One of the more attractive tools on real estate search websites these days for prospective homebuyers and sellers alike are those providing automated house value estimates. In today's world the thirst for real-time information is almost unquenchable. Yet arming consumers with such tools without providing them with disclaimers on the limitations of these models can magnify price volatility in housing markets and hurt house sales.
Lying behind online home value estimators are a host of complicated statistical models that attempt to predict a home's price based on comparisons with similar properties (comparable sales) using county property record data on a variety of attributes such as house square footage, number of bedrooms and bathrooms, among a number of features unique to that property. Aggregating and updating property record data from thousands of offices around the country has improved over the years. However, significant data lags of six months or more still exist in many areas depending on the record office's capabilities to update this information.
Moreover, a danger in using this data is that there is a great deal of variation in the quality of information captured by these recording offices. Square footage can be wildly off, as well as the characteristics of the properties. These models have been around for a number of years and during the boom years were used extensively behind the scenes by banks (including those I worked for) as well as Fannie Mae and Freddie Mac as a way of reducing processing costs. During these years, regulatory agencies identified a number of significant limitations surrounding the use of these models.

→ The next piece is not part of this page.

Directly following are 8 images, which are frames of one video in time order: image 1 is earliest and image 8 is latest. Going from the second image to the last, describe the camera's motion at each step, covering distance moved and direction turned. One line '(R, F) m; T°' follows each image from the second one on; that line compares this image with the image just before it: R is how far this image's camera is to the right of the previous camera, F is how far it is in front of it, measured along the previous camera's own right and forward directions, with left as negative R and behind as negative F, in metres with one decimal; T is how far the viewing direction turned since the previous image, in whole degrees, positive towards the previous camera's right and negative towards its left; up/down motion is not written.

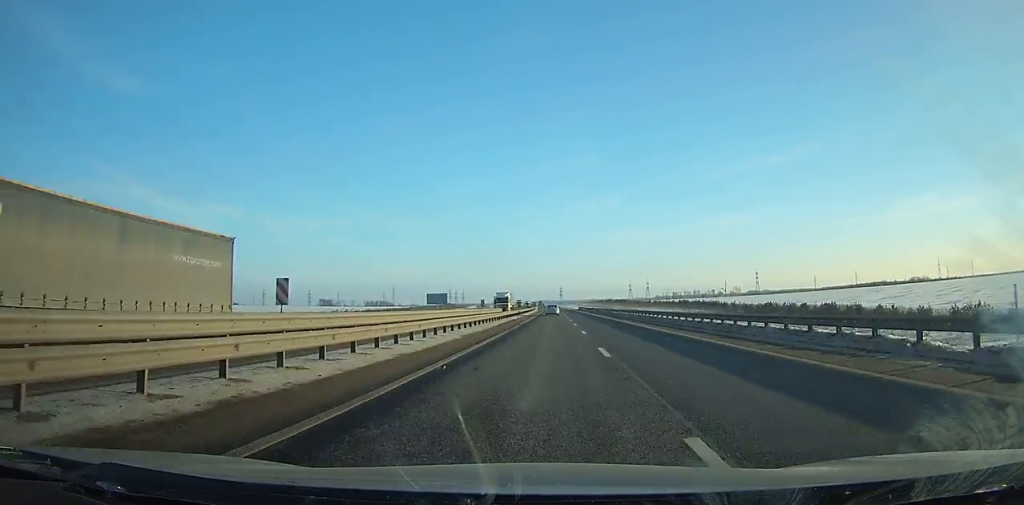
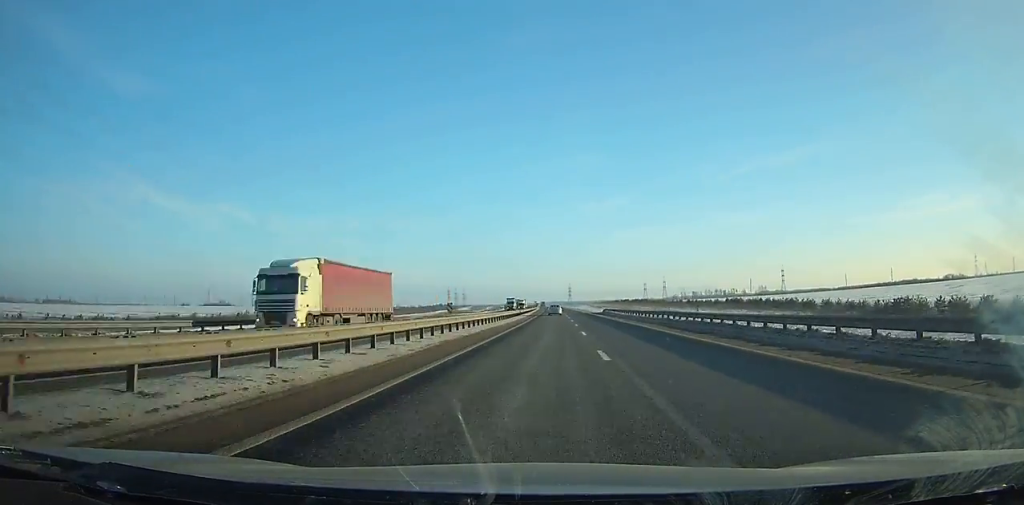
(-0.6, +71.5) m; -1°
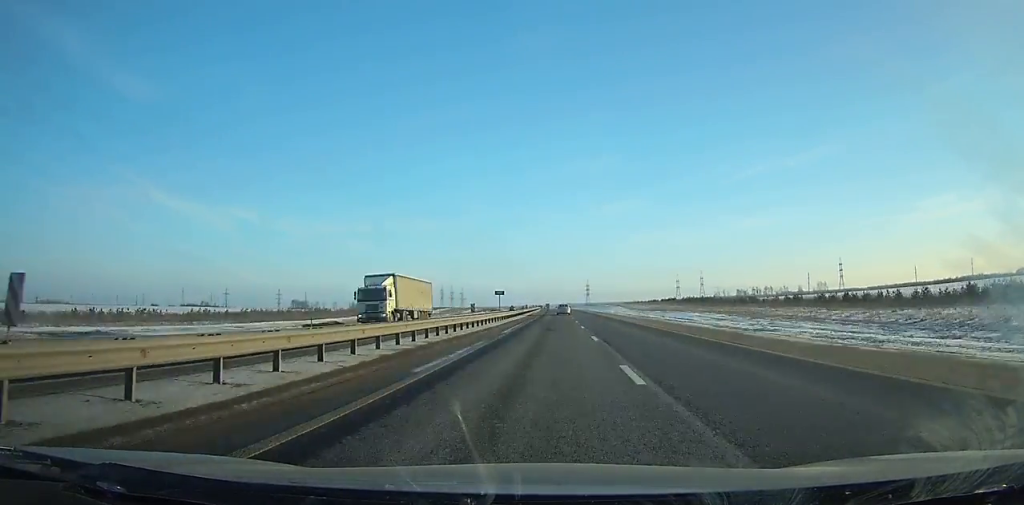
(-1.5, +132.0) m; -1°
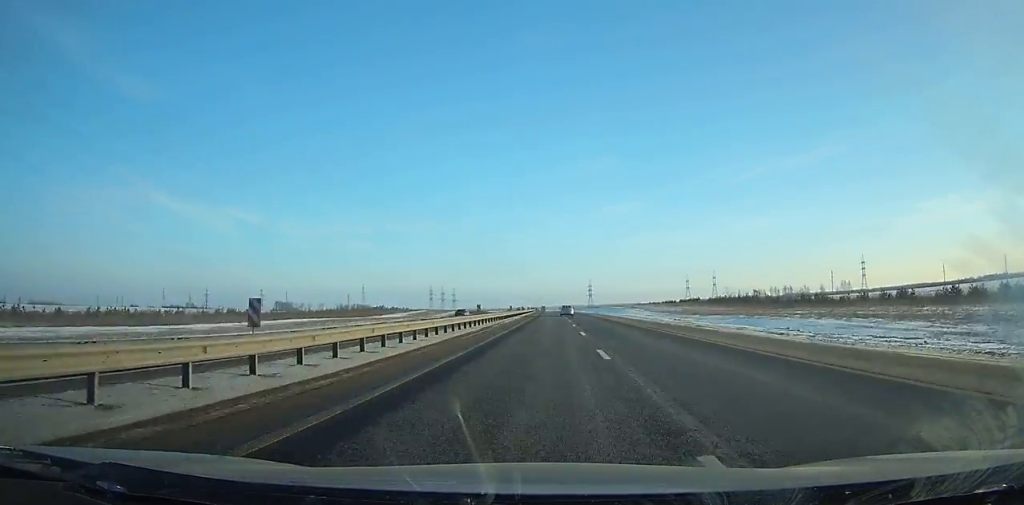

They tend to work better on homes of similar type and quality but break down quickly on custom homes, homes in rural areas, small neighborhoods and nonstandard property features. Further, no statistical model can understand the market and condition issues of a particular property. For example, these models cannot factor in property upkeep or whether the property sits directly across the street from a gas station, which could reduce its value.
Of some concern for regulators is the tradeoff between the percentage of homes where an automated valuation model could be used (known as AVM coverage) and the accuracy of the estimated value. The greater the use of the model across property types, the higher the valuation errors, typically. Those tradeoffs remain, and as we have learned from the crisis, anytime we become overly reliant on modeled outcomes it leads to a misunderstanding of risk.

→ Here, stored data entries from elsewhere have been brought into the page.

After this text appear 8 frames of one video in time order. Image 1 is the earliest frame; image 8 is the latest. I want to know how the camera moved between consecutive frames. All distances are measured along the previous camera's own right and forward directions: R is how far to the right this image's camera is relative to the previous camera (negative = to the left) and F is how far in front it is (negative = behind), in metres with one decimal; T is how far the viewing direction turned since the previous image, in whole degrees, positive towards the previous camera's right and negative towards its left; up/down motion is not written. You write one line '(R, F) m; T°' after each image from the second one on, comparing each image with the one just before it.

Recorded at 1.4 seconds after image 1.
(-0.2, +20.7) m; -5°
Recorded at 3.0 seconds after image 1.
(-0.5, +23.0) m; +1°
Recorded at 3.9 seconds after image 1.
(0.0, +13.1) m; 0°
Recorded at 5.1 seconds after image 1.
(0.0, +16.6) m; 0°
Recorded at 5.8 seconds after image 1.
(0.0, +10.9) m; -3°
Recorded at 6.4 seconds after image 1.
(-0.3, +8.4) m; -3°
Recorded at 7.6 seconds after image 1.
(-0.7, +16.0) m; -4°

In the specific application of online valuation engines, buyer offers can be highly influenced by the estimates generated from these models. In forming an offer, a buyer needs to obtain a reasonable view of what a home is worth. The values displayed by online real estate sites provide an easy way for a buyer to develop an offer.
Consider a scenario where, unknown to a buyer, the comps used by a valuation model could be as old as six months and the county had not recorded the 1,000 square feet added to the home the year before. Even though prices were picking up briskly in the last couple of months on this hypothetical property, the data feeding the online valuation model was not reflective of current market conditions. Further, the valuation model used by the buyer further sets a low accuracy tolerance for its use. In other words, to spit out a number it has to be only 65% sure that the property estimate generated doesn't exceed the actual value of the property by more than 15%. Such a low threshold allows more properties to be evaluated by the model, but at the expense of a higher error rate on the valuation. Granted, that particular quirk might partly offset the downside bias from the data lag. Even so, the net effect is a valuation estimate that is 20% less than true market value due to these data limitations of the model. The buyer has no idea of these issues and so a low bid would be the natural outcome.
Such outcomes create an artificial drag on house values during recovery periods and amplify price appreciation trends during boom periods given potential data lags in market pricing. In addition, the use of such valuations in forming bids can lengthen or prevent real estate transactions from being consummated given large potential gaps between sale and offer prices using these estimates.
AVMs may have a limited place in the real estate and mortgage business, but they remain a black box to homebuyers and most market participants, susceptible to a host of data weaknesses despite their technical sophistication. Proper disclosures and limitations on the use of such models should be made to consumers beyond the meager ones that exist today. This should be one area of focus by the Consumer Financial Protection Bureau.
Clifford Rossi is the Professor-of-the-Practice at the Robert H. Smith School of Business at the University of Maryland.